Hello community, by taking a look into the number of binned contigs from a binning refinement procedure I notice that the number of contigs employed to make bins or MAGs are less than half of the number of contigs produced by the assembly procedure.
For example, the number of contigs produced by using MEGAHIT is 1.158.798 sequences. When I concatenate all the contigs from the universe of produced bins, I get 286.102 contigs, so what happens with the rest of the contigs?
A first explanation for this could be the number of conserved loci that are present in the contigs also there could be a number of viral or eukaryotic sequences that are not binned but not sure at what extend this proportion is higher than the conserved prokaryotic sequences. so what exactly are these unbinned contigs? Could it be precipitated to say that the most part of these sequences are from eukaryotic species?
There are lots of ways to do binning, so unbinned contigs could be anything. If the binning is reference-intensive (e.g. BLASTing to known organisms and combining contigs with similar hits) then these could be contigs with no closely related assemblies. If the binning uses kmer frequencies (or various other approaches), they could be too short to get a good representation of the organism's signature, so they get left out of the correct bin. It it's machine learning, perhaps nothing close to organism was represented in the training set. If it's based on assembly graph traversal, anything very low-depth will likely not be contiguous enough to have a connected graph.
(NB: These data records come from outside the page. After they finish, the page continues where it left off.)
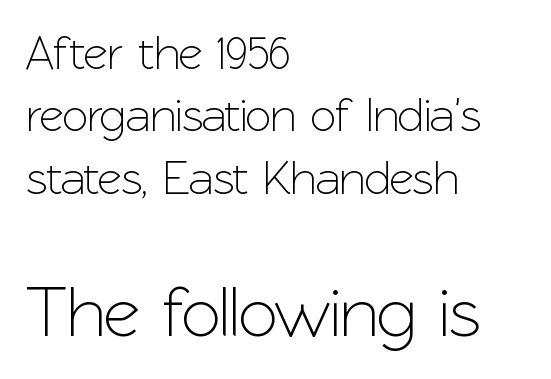
Q: Is the text italic (slanted)? A: No, it is upright.
Q: Is the typeface a serif or a sans-serif typeface? A: Sans-serif.
Q: Is the text underlined? A: No.
Q: How is the paragraph aligned? A: Left-aligned.
Q: Is the spacing between letters normal or unusually wide? A: Normal.
Q: Is the spacing between lines tight, normal or loose? A: Normal.
Q: Which block of text is set in a larger size, the first (top) or the second (bottom)? A: The second (bottom) one.
Q: Width (condensed, normal, or wide)? A: Normal.
Q: Stroke contrast? A: Low.
Q: x-height? A: Medium.
Q: Monospaced? A: No.
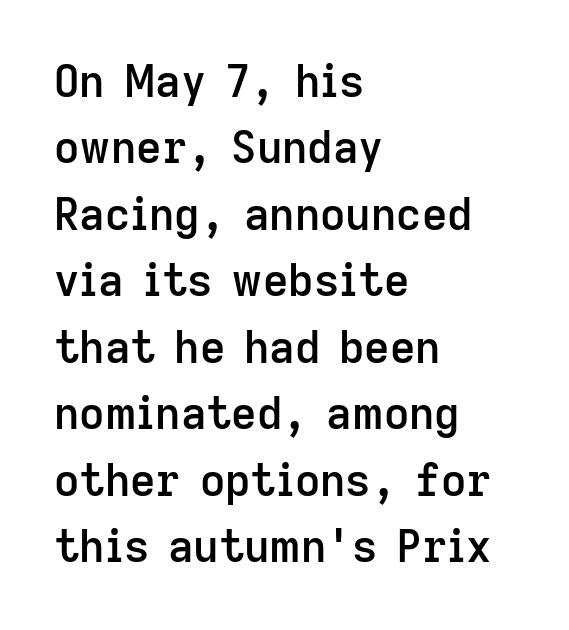
The image shows 44 px semibold sans-serif type, upright; set left-aligned, normal line spacing (1.51x), normal letter spacing, not underlined; low stroke contrast and a medium x-height.
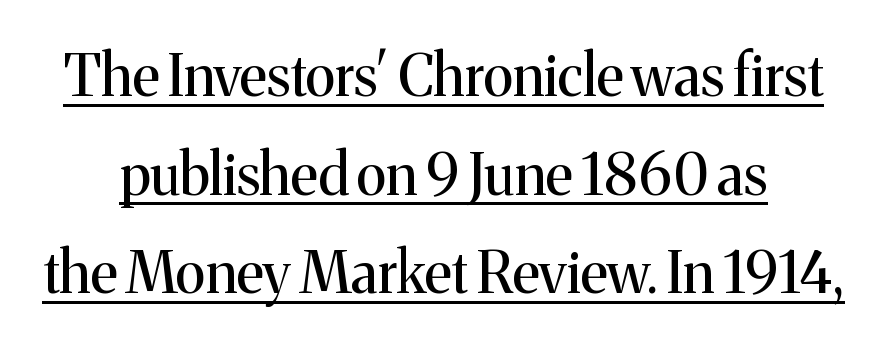
{"serif": "yes", "italic": "no", "bold": "no", "weight": "regular", "width": "normal", "stroke_contrast": "medium", "x_height": "medium", "monospaced": "no", "underline": "yes", "align": "center", "line_spacing_ratio": 1.73, "letter_spacing": "normal", "letter_spacing_em": 0.0, "glyph_px": 57}
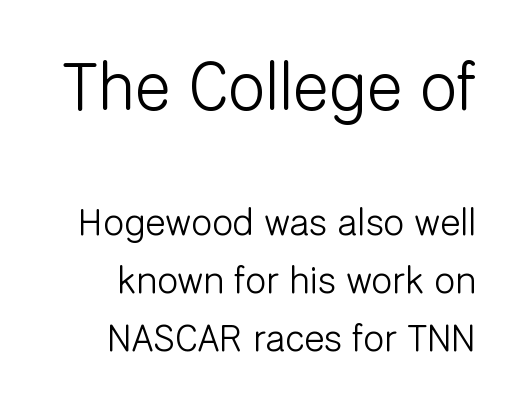
The image shows 67 px light sans-serif type, upright; set right-aligned, normal line spacing (1.52x), normal letter spacing, not underlined; the first (top) block is 1.76x larger; low stroke contrast and a medium x-height.
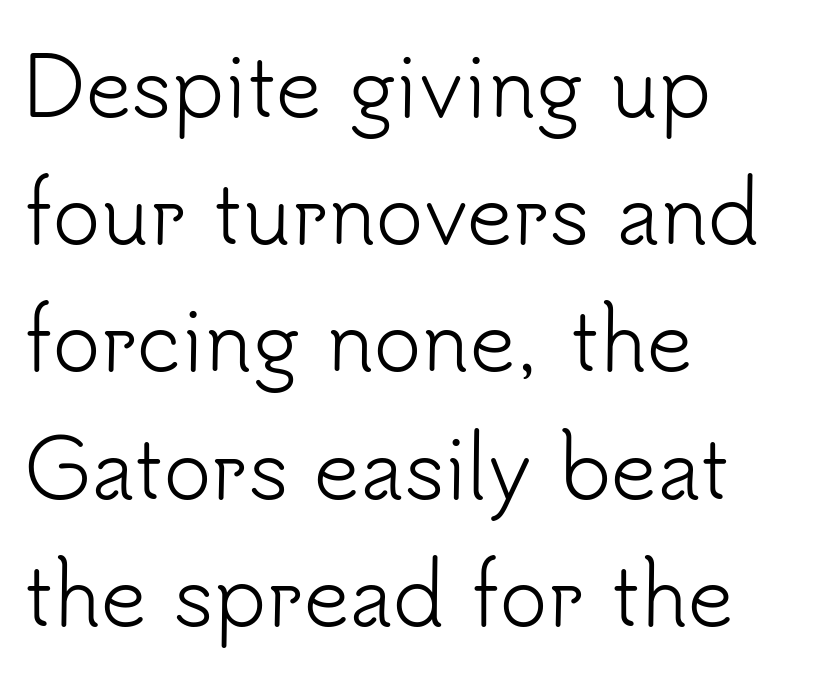
{"serif": "no", "italic": "no", "bold": "no", "weight": "light", "width": "normal", "stroke_contrast": "low", "x_height": "small", "monospaced": "no", "underline": "no", "align": "left", "line_spacing": "normal", "line_spacing_ratio": 1.59, "letter_spacing": "normal", "letter_spacing_em": 0.0, "glyph_px": 80}
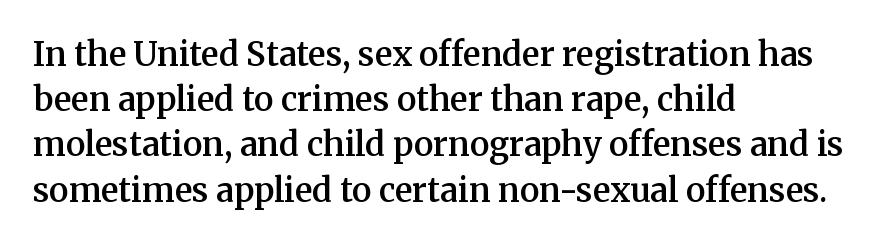
The image shows 33 px semibold serif type, upright; set left-aligned, normal line spacing (1.37x), normal letter spacing, not underlined; medium stroke contrast and a medium x-height.
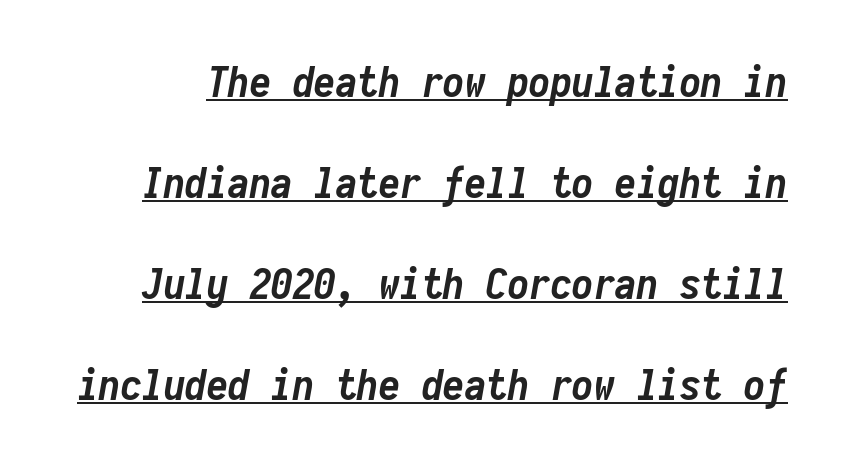
The image shows 43 px semibold, condensed type, italic (leaning right), monospaced; set loose line spacing (2.35x), normal letter spacing, underlined; low stroke contrast and a medium x-height.
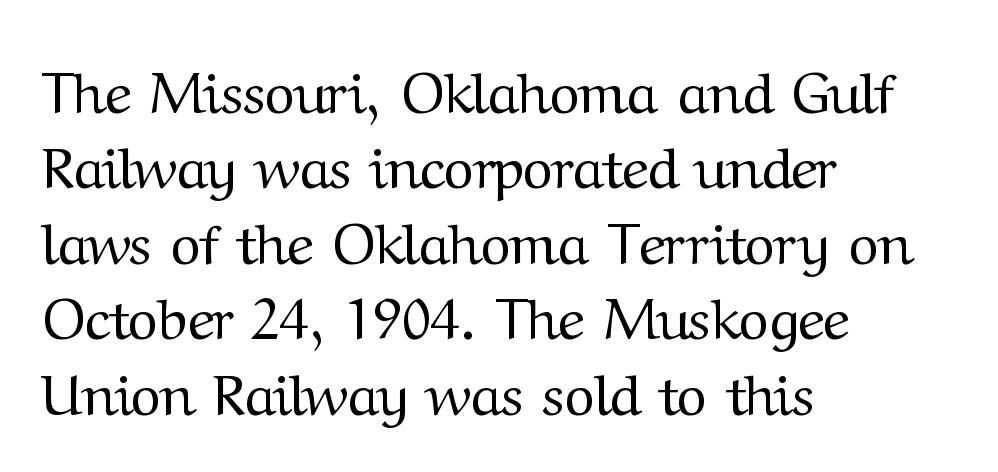
{"serif": "yes", "italic": "no", "bold": "no", "weight": "regular", "width": "normal", "stroke_contrast": "medium", "x_height": "medium", "monospaced": "no", "underline": "no", "align": "left", "line_spacing": "normal", "line_spacing_ratio": 1.3, "letter_spacing": "normal", "letter_spacing_em": 0.0, "glyph_px": 58}
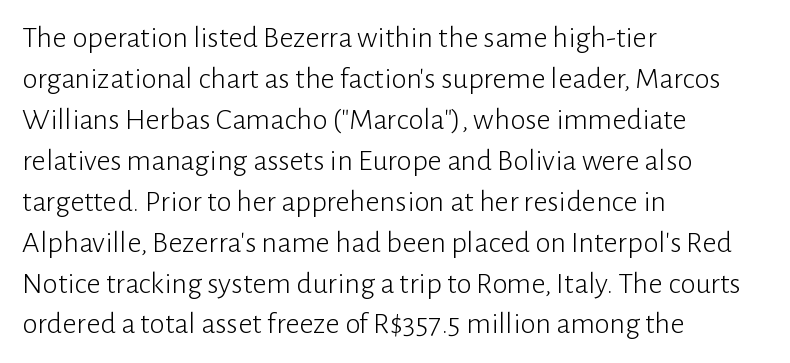
The image shows 31 px light sans-serif type, upright; set left-aligned, normal line spacing (1.32x), normal letter spacing, not underlined; low stroke contrast and a medium x-height.
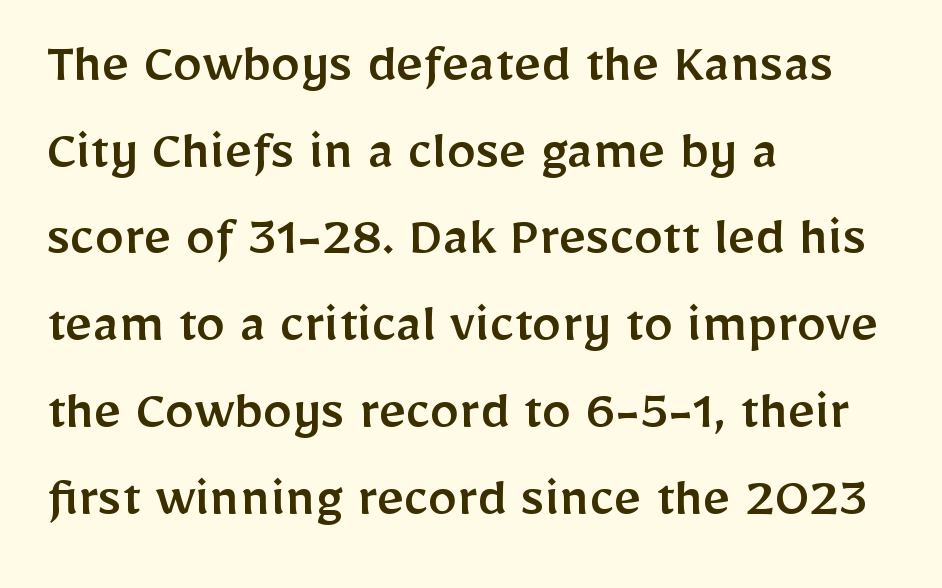
{"serif": "no", "italic": "no", "width": "normal", "stroke_contrast": "low", "x_height": "medium", "monospaced": "no", "underline": "no", "align": "left", "line_spacing": "normal", "line_spacing_ratio": 1.47, "letter_spacing": "normal", "letter_spacing_em": 0.0, "glyph_px": 59}
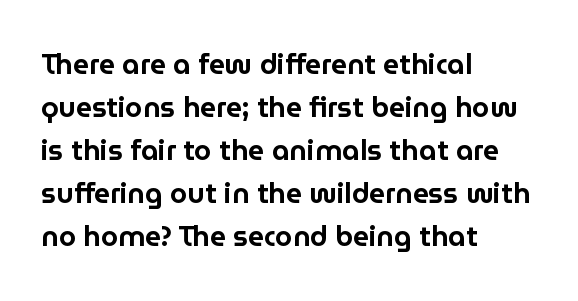
{"serif": "no", "italic": "no", "width": "normal", "stroke_contrast": "low", "x_height": "medium", "monospaced": "no", "underline": "no", "align": "left", "line_spacing": "normal", "line_spacing_ratio": 1.54, "letter_spacing": "normal", "letter_spacing_em": 0.0, "glyph_px": 28}
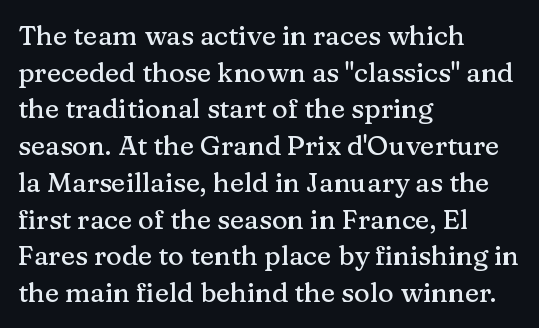
Q: Is the text italic (slanted)? A: No, it is upright.
Q: Is the text underlined? A: No.
Q: How is the paragraph aligned? A: Left-aligned.
Q: Is the spacing between letters normal or unusually wide? A: Normal.
Q: Is the spacing between lines tight, normal or loose? A: Normal.
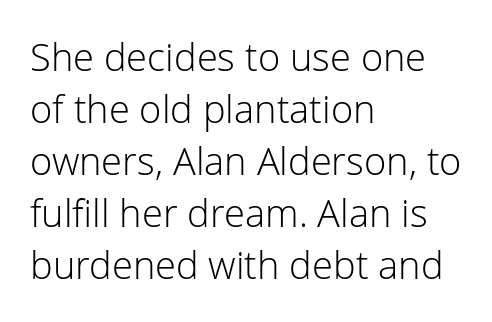
The image shows 38 px light sans-serif type, upright; set left-aligned, normal line spacing (1.37x), normal letter spacing, not underlined; low stroke contrast and a medium x-height.

But generally they are just short, which could be due to low depth or a highly polymorphic region in that community (which could be highly conserved but in many weakly-related organisms or not highly conserved but present in a high-abundance species). There's no reason why euks can't be binned. And the unbinned contigs can be binned too, if you want, but while binning tools try to minimize both false-positive and false-negative calls, false-positives (which affect purity) are more important, so default settings will typically classify contigs with low confidence as unbinned even though there is a bin that they best match.
Thanks so much for this detailed answer, gave me material to think, specially on the gtbtk classification in the sense of 'at what extent can all the bins be classified as bacteria and archaea and none of them as unclassified ? (being that the db only contain genomes from those kingdoms)'. These are antarctic soil metagenomes (putatively relative high alpha diversity) so I hoped to rescue at least some euks.
Generally speaking, unbinned contigs come from default cutoffs in binning programs or from the clustering procedure. There is no point in binning small contigs, as there isn't enough signal in them. If you consider a 500 bp fragment, there are 497 different tetranucleotides (4Ns) in it. Given a total number of 256 4Ns (or 136 if you count complementary 4Ns together), there would be on average fewer than 2 counts for any one of 4Ns. That's not enough to distinguish different groups. Most binning programs make an automatic length cutoff if you don't specify one, and throw away the contigs shorter than that size. Pretty sure that MetaBat2 has it at 1.5 Kb, and I rarely deal with anything smaller than 2 Kb. That will eliminate a large number of contigs.
Separately, some contigs will be far enough in the reduced dimensionality space from the main clusters that they will not be binned. Unless the algorithm is using Gaussian Mixture Models or some such approach that will cluster everything, those wayward contigs will be set aside.
Thanks so much for this detailed answer, gave me material to think, specially on the gtbtk classification in the sense of 'at what extent can all the bins be classified as bacteria and archaea and none of them as unclassified ? (being that the db only contain genomes from those kingdoms)'. These are antarctic soil metagenomes (putatively relative high alpha diversity) so I hoped to rescue at least some euks.